La vigencia de músicos como Georges Moustaki se mide no sólo por su legado musical, sino también por el mensaje, aquella palabra tan de moda en una época y luego tan denostada. Pues sí, esa música viene acompañada de un mensaje tan contemporáneo que nos habla del amor en libertad, de la ausencia de fronteras, de la lucha contra los poderosos, de la fraternidad entre las gentes… Viajero a la vez que músico y extranjero en ninguna parte, Moustaki decía que nunca llegaba a deshacer sus maletas hasta que la muerte lo ha encontrado, como no podía ser de otro modo, en Niza, en una ribera del Mediterráneo.
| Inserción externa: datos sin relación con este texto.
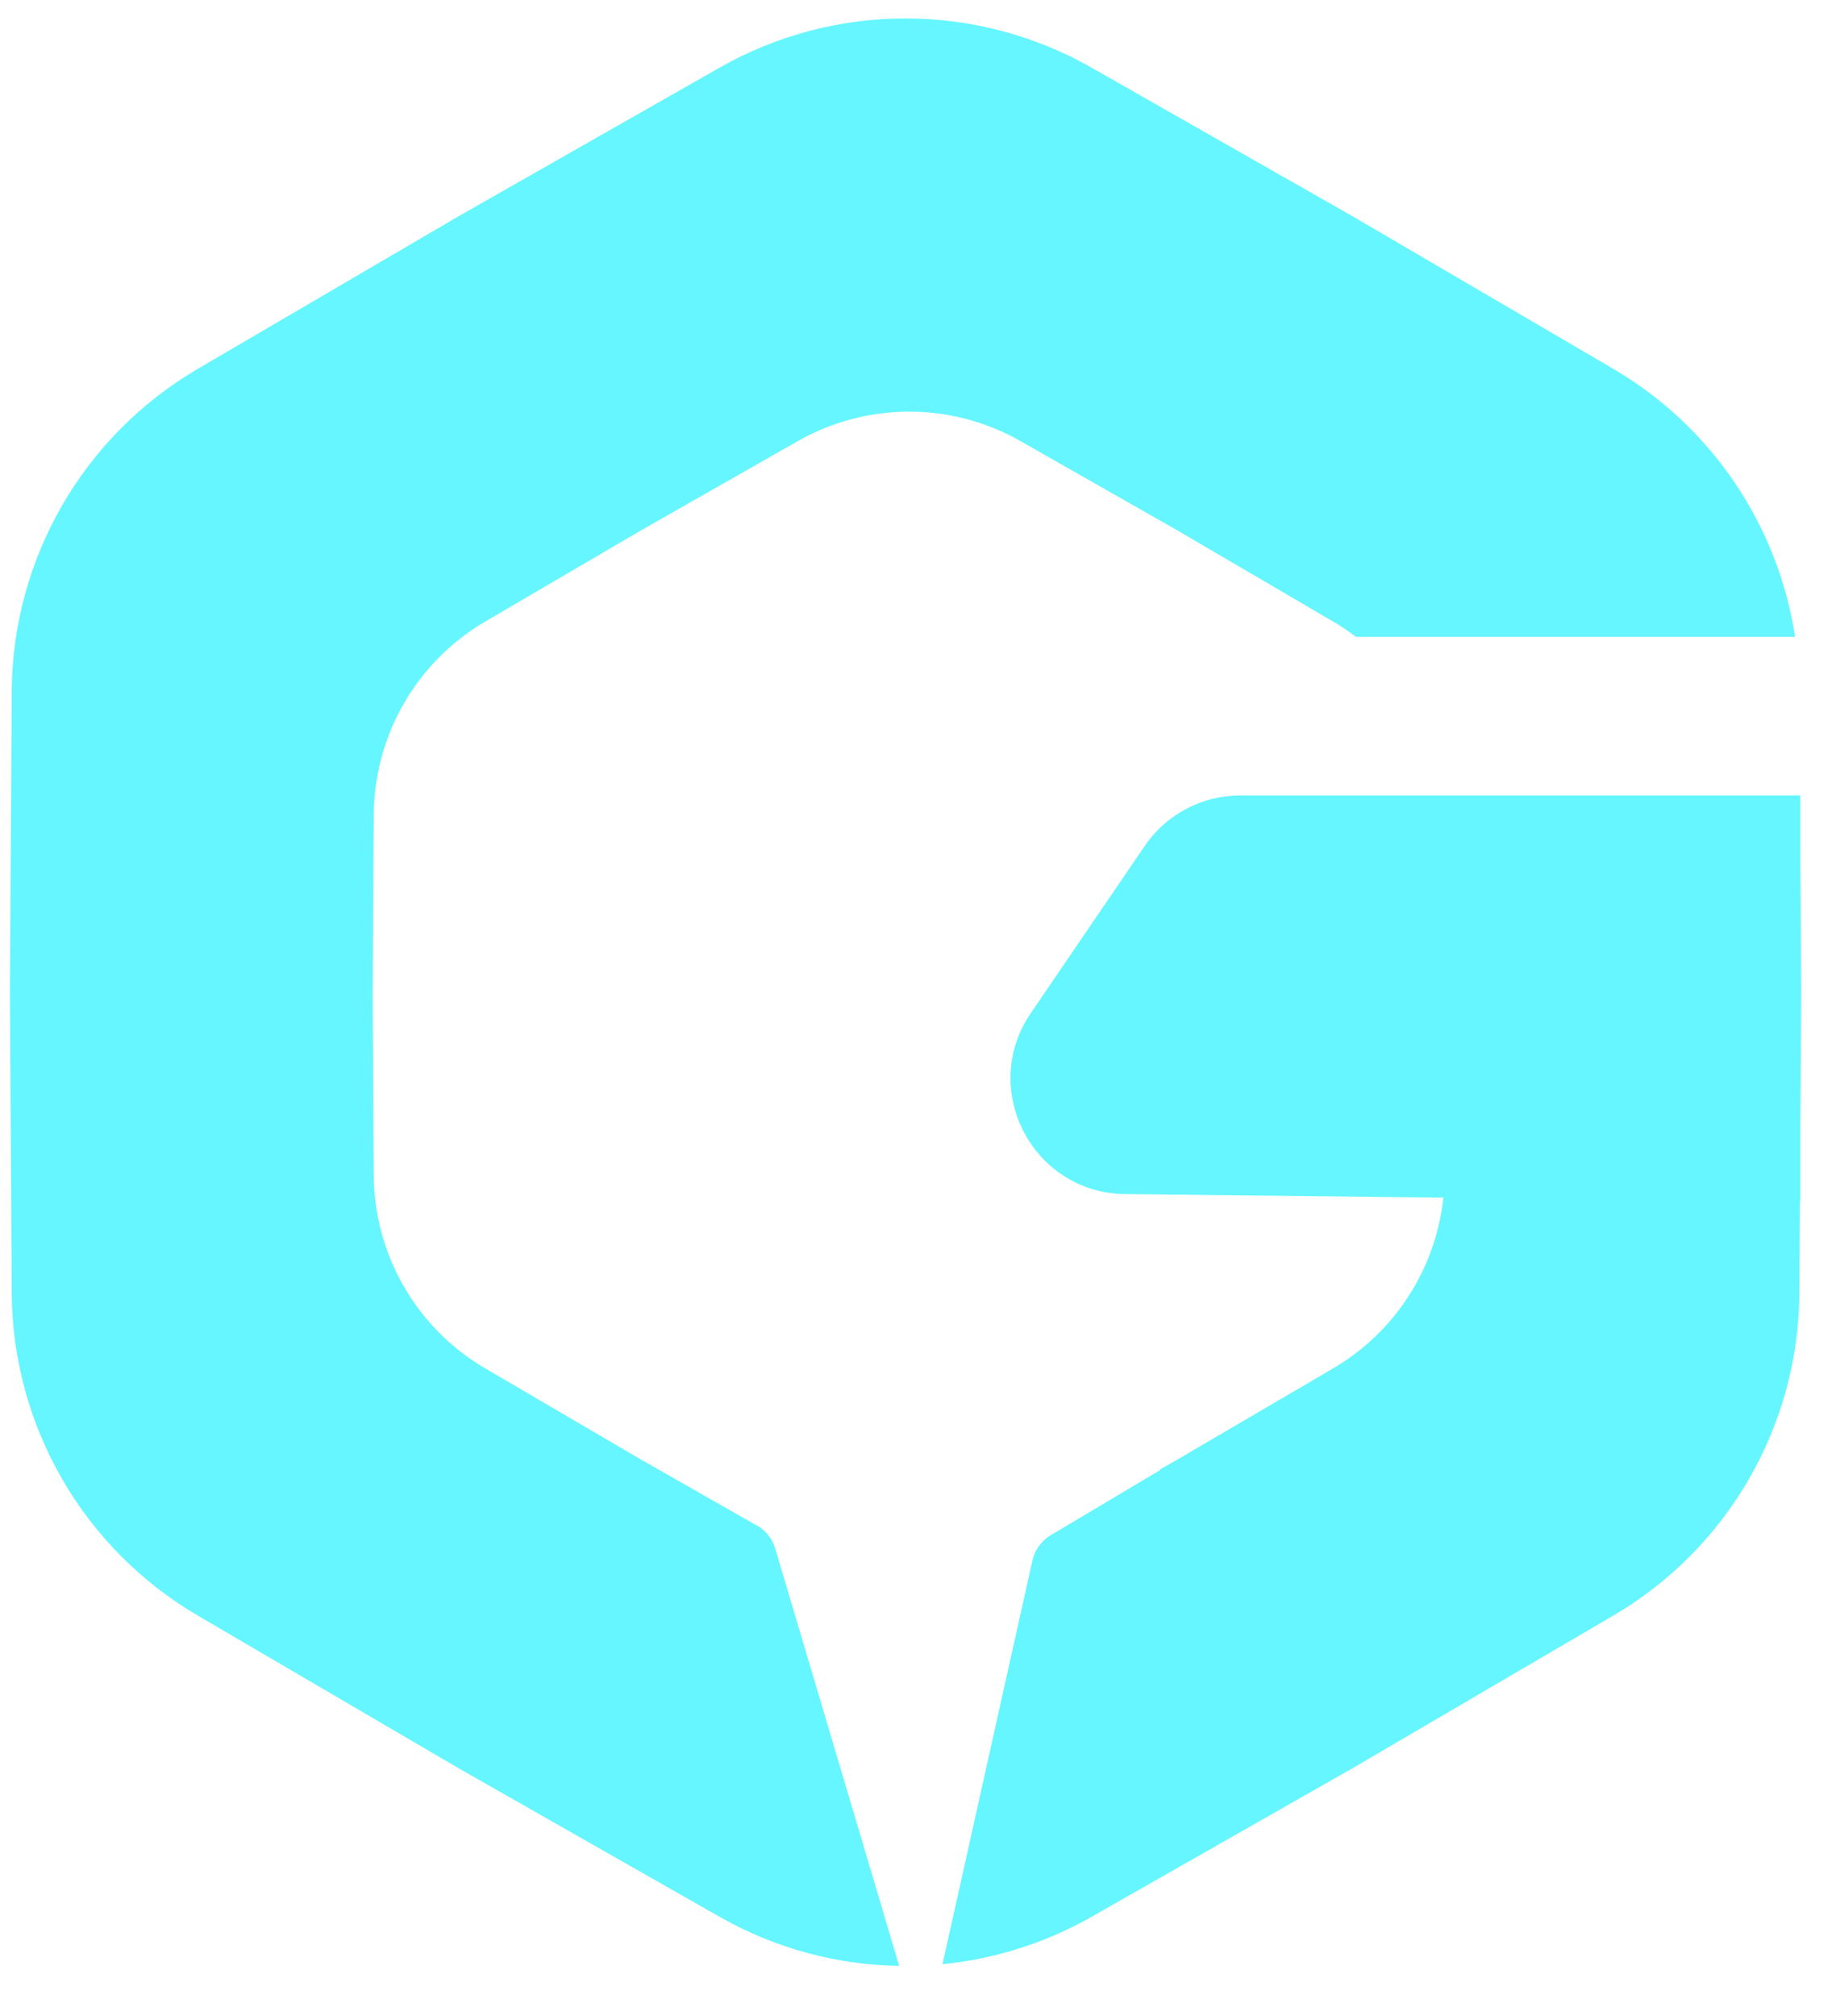 <svg width="41" height="45" viewBox="0 0 41 45" fill="none" xmlns="http://www.w3.org/2000/svg">
<path fill-rule="evenodd" clip-rule="evenodd" d="M16.066 1.512C18.642 0.045 21.801 0.045 24.378 1.512L30.222 4.838L36.022 8.231C38.228 9.521 39.707 11.732 40.086 14.216H30.281C30.118 14.092 29.947 13.977 29.768 13.873L26.293 11.84L22.792 9.848C21.249 8.969 19.357 8.969 17.813 9.848L14.312 11.84L10.838 13.873C9.303 14.77 8.356 16.41 8.346 18.187L8.322 22.21L8.346 26.233C8.356 28.01 9.303 29.65 10.838 30.547L14.312 32.58L16.958 34.086C17.128 34.2 17.252 34.369 17.311 34.566L20.08 43.884C18.693 43.861 17.311 43.495 16.066 42.786L10.222 39.46L4.421 36.066C1.86 34.568 0.279 31.831 0.262 28.864L0.222 22.149L0.262 15.433C0.279 12.466 1.86 9.729 4.421 8.231L10.222 4.838L16.066 1.512ZM21.047 43.845C22.201 43.731 23.337 43.378 24.378 42.786L30.222 39.46L36.022 36.066C38.583 34.568 40.164 31.831 40.182 28.864L40.194 26.822L40.203 26.822V25.316L40.222 22.149L40.203 18.981V17.756H27.698C26.843 17.756 26.044 18.178 25.562 18.885L23.019 22.615C21.857 24.32 23.062 26.632 25.126 26.655L32.232 26.734C32.064 28.314 31.157 29.735 29.768 30.547L26.293 32.58L25.897 32.805H25.925L23.466 34.268C23.256 34.392 23.108 34.598 23.055 34.836L21.047 43.845Z" fill="#65F6FF"/>
</svg>

Mientras ensayaba un concierto, en una sofocante tarde de agosto de 1986, encaramado en el escenario del teatro romano de Sagunto y con el mar al alcance de la vista, Georges Moustaki resumió su filosofía. “Pienso que aquí están nuestras raíces, nuestra historia. No como ruinas del pasado, sino como algo vivo y cotidiano”. El blanco fue siempre el color favorito del cantante, un blanco en la cabellera, en la barba y en los atuendos que contrastaba con el azul del Mediterráneo y con el negro de las noches estrelladas cuando actuaba cerca de un mar que Moustaki consideraba su patria, su única patria. “Soy un apátrida”, solía decir el músico, “pero me considero un nacionalista del Mediterráneo y de su cultura”. De blanco como las túnicas griegas o romanas, como las casas encaladas al borde de los acantilados, Georges Moustaki fue durante décadas uno de los símbolos de la canción popular del Mediterráneo a la altura de monstruos como Jacques Brel, Georges Brassens o Edith Piaf, de la que fue amante y discípulo.